C’était un film emblématique des années 80s que je voulais voir depuis longtemps. Superbe intro, super musique. Une scène de bagarre incroyable. Un sous-texte (enfin un surtexte, il est très peu subtil) de lutte des classes. Un personnage féminin intéressant. Par contre clairement trop de flingues et de tentatives de régler les problèmes avec.

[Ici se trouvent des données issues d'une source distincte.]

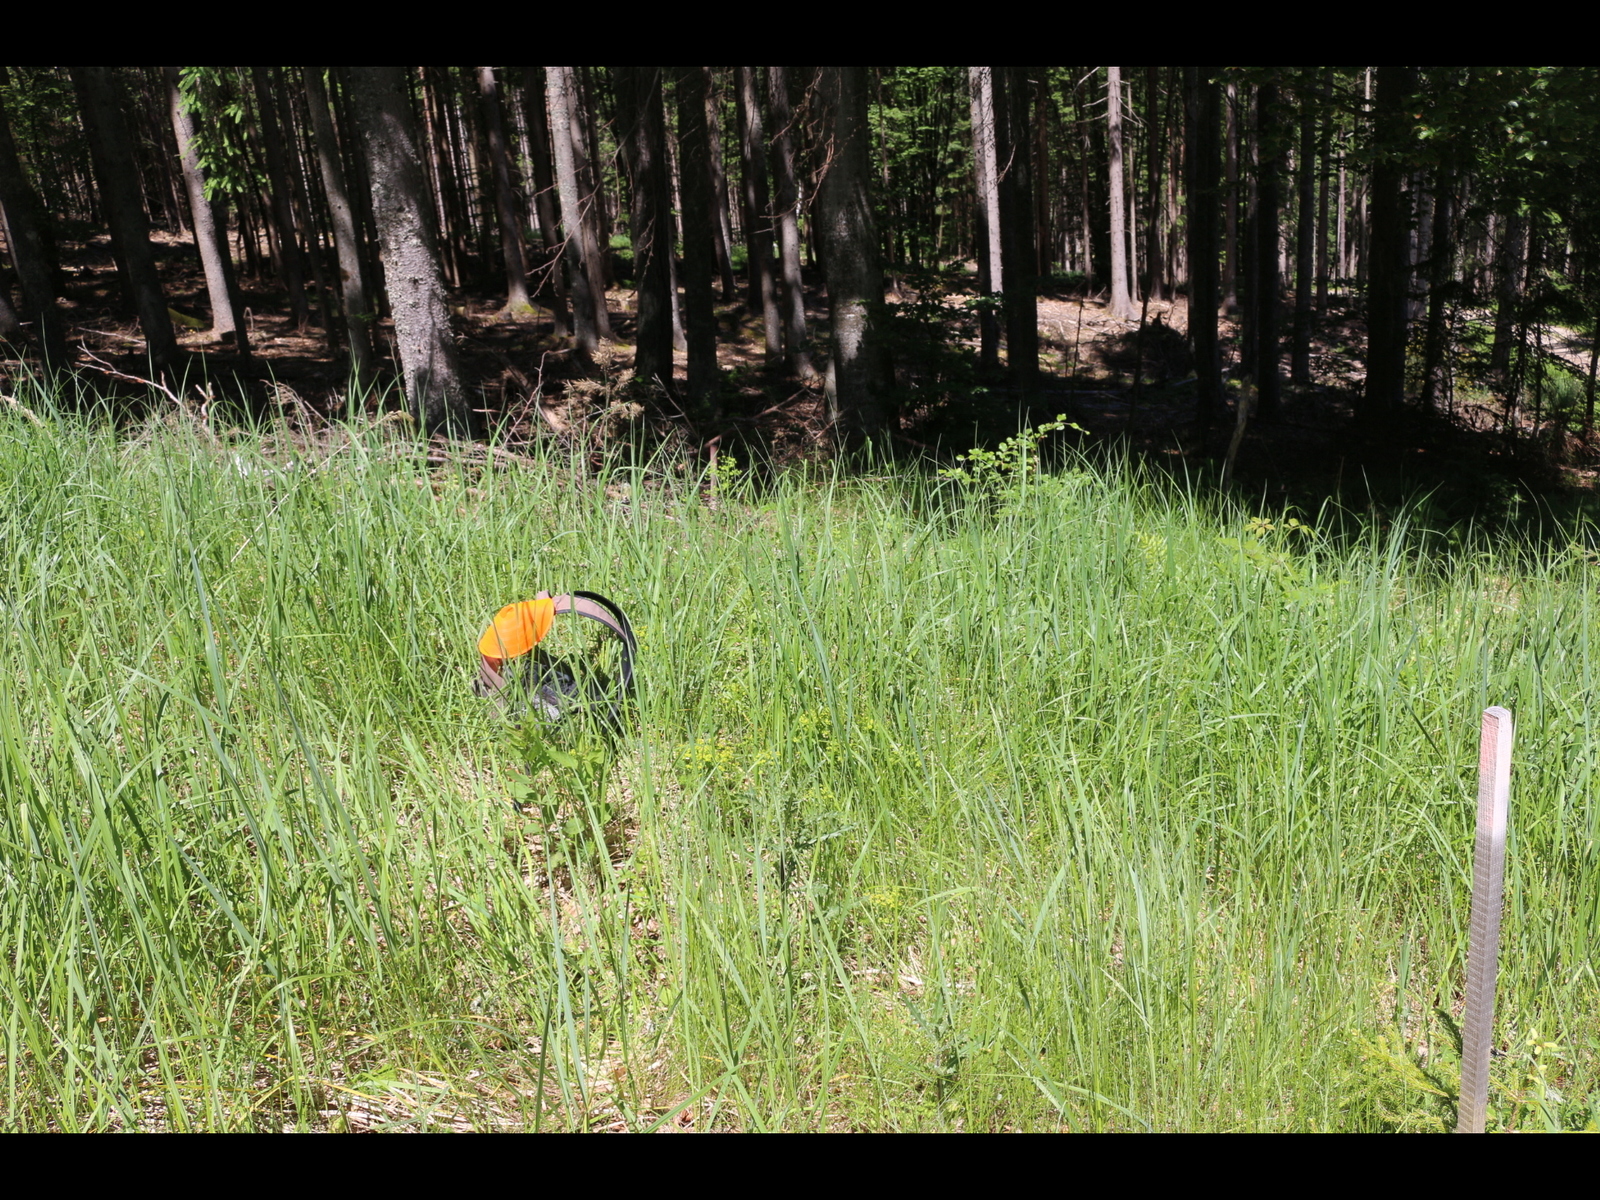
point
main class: Woodland
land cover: Spruce dominated mixed woodland
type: mountainous beech forest
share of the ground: > 75 %
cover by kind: coniferous forest trees 60 %, broadleaved forest trees 35 %, herbaceous plants 5 %
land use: Forestry
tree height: > 5 m
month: May
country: AT
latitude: 46.5279
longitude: 14.0255
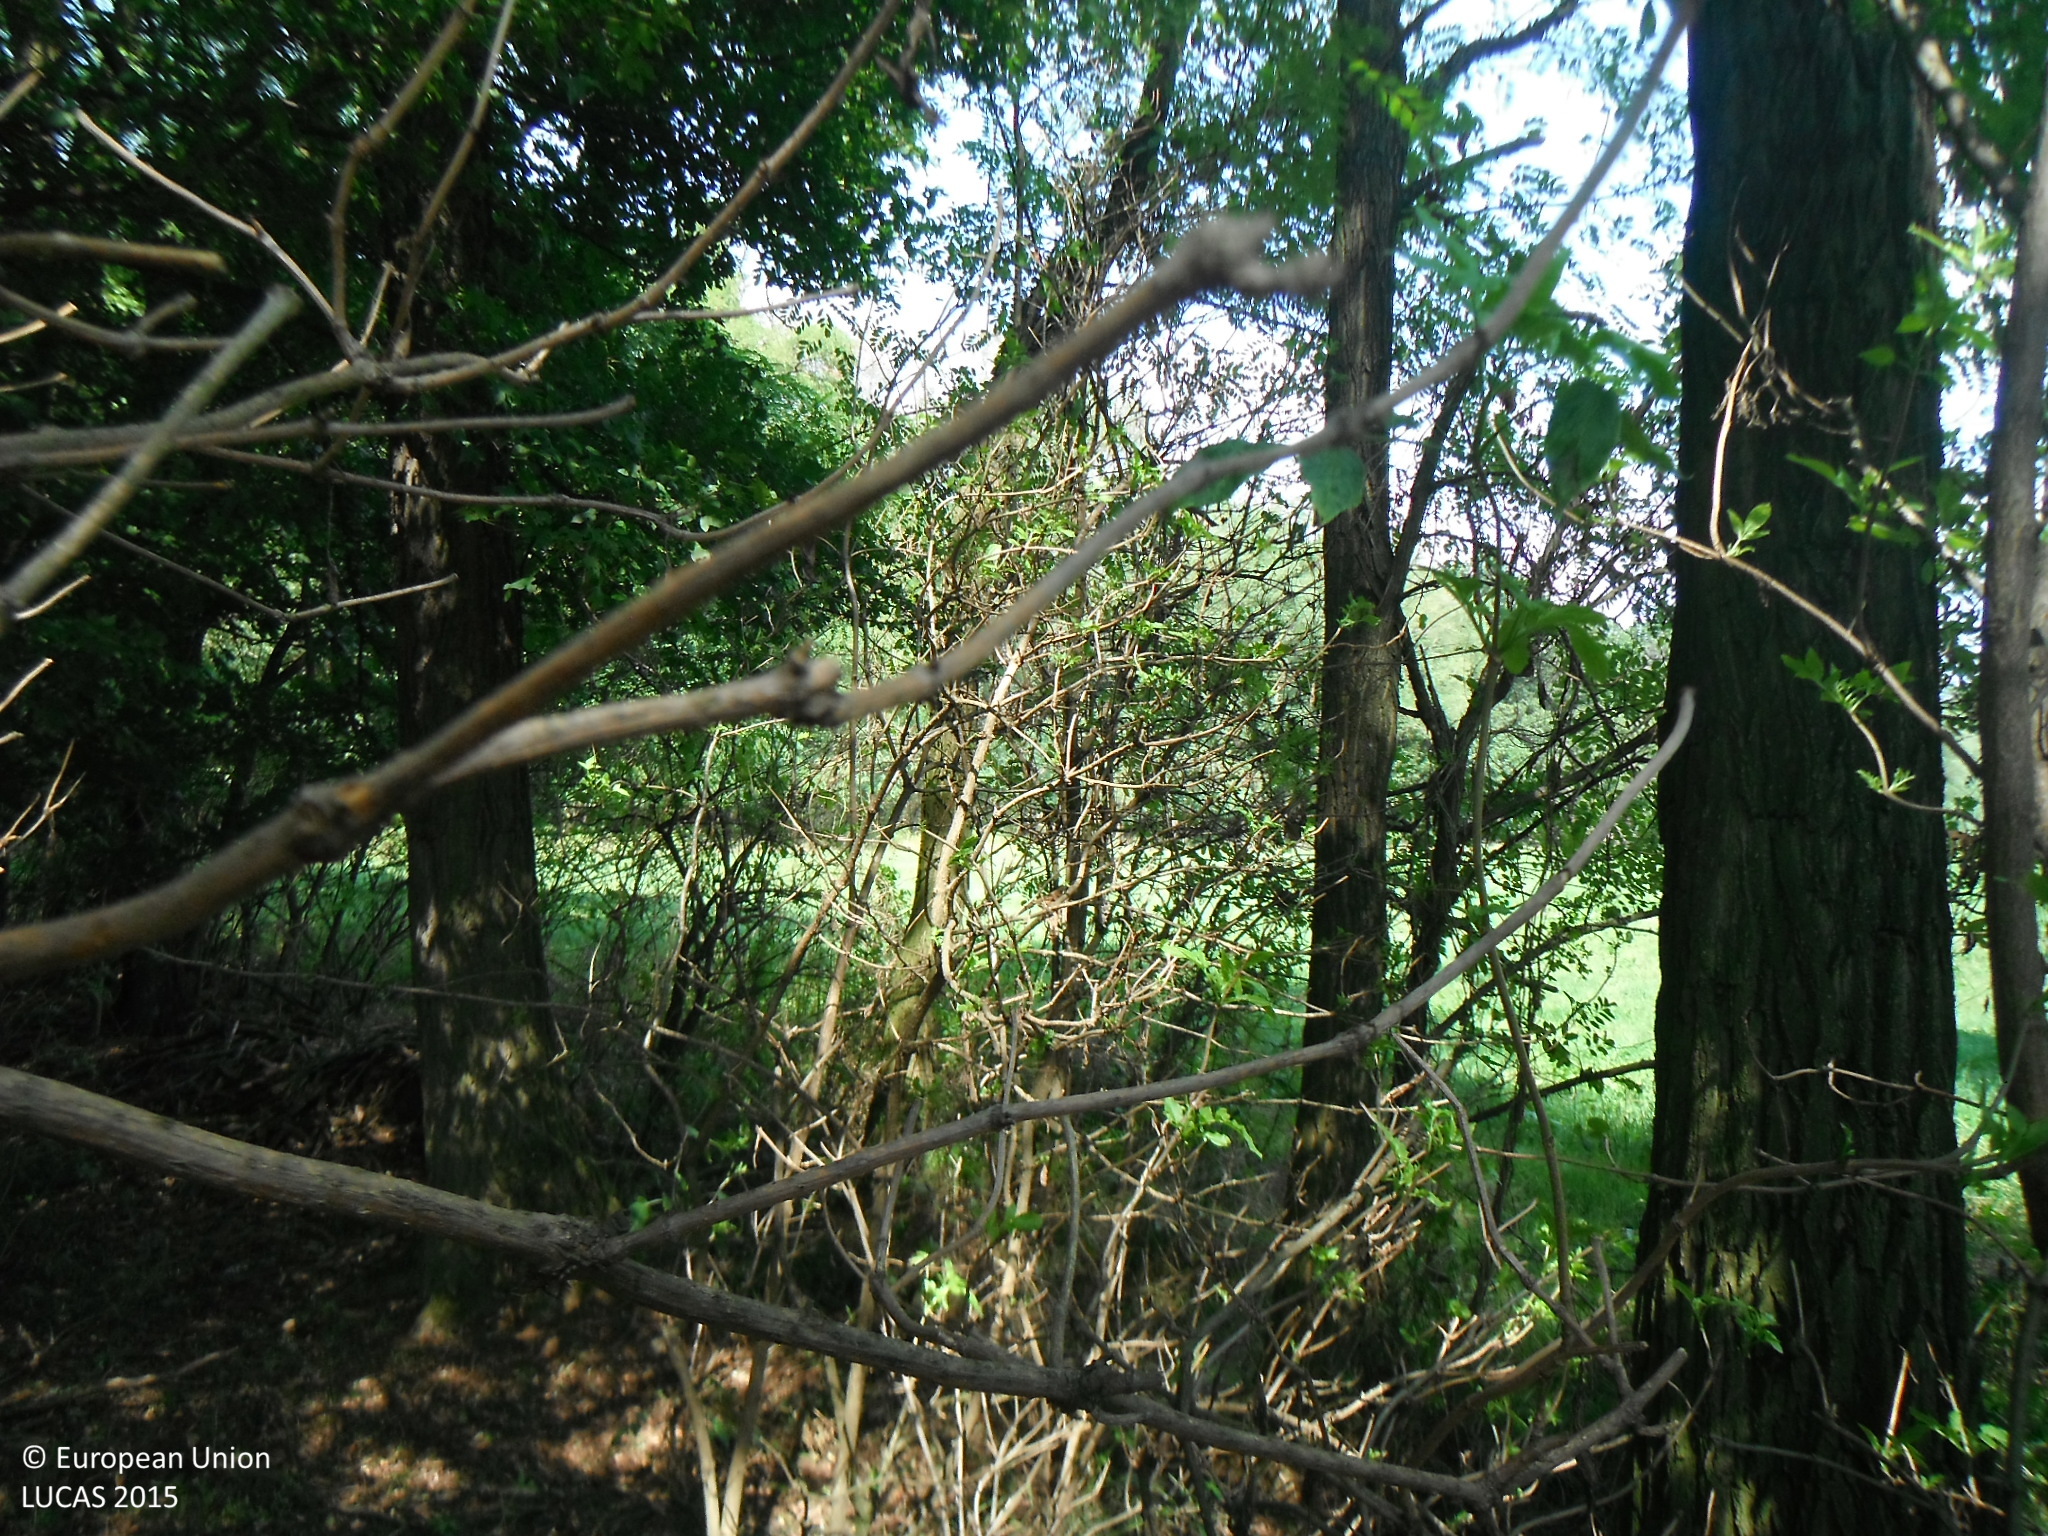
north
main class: Woodland
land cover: Broadleaved woodland
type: mesophytic deciduous forest
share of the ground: > 75 %
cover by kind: broadleaved forest trees 80 %, shrubs 10 %, herbaceous plants 10 %
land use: Forestry
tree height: > 5 m
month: September
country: SK
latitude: 48.7124
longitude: 17.4448
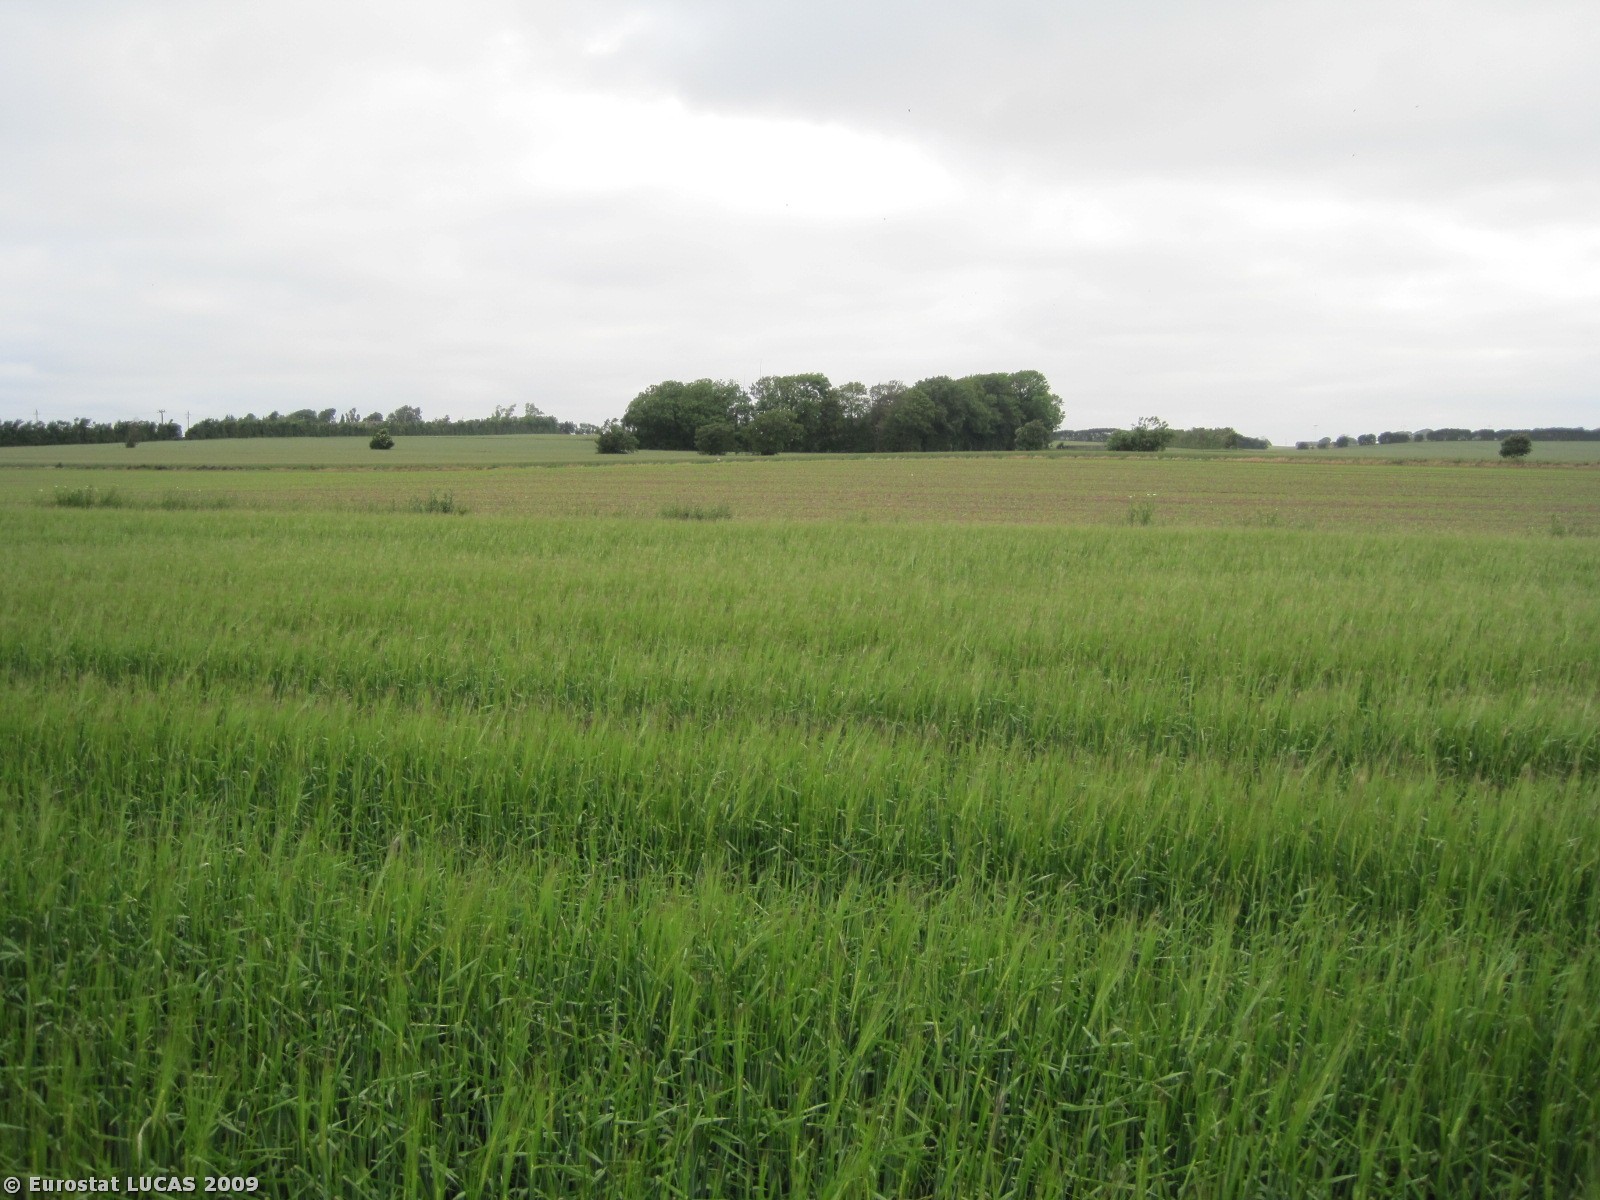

Je recommande, c’est un truc à avoir vu.

The Dispossessed, d’Ursula K. Le Guin

Roman de science-fiction de 1974. L’autrice expose le fonctionnement d’une société anarchiste via le point de vue d’un de ses membres, Shevek, un physicien frustré par certain des immobilismes de son monde. Il rentre en contact avec le monde jumeau et capitaliste pour des échanges scientifiques, et les contrastes entre les deux mondes permettent de mettre en lumière ce qui fonctionne ou non dans le monde anar. C’est essentiellement de la socio-fiction. Le fonctionnement du monde est très intéressant. Le Guin montre aussi qu’il ne suffit pas de décréter qu’un monde est anarchiste et d’avoir fait la Révolution à un moment dans le passé pour que tout ce passe bien : les organisations et hiérarchie, même informelles, ont tendance à se réétablir si on ne continue pas à les combattre. La révolution est un mouvement, pas un événement.

Très bon roman, super original, il est cependant dommage d’avoir uniquement le point de vue de Shevek, qui se révèle excellent penseur de l’anarchisme en plus de physicien de génie : ça fait quand même retour en force du Grand Homme ; alors que tout le livre dénonce ça par ailleurs.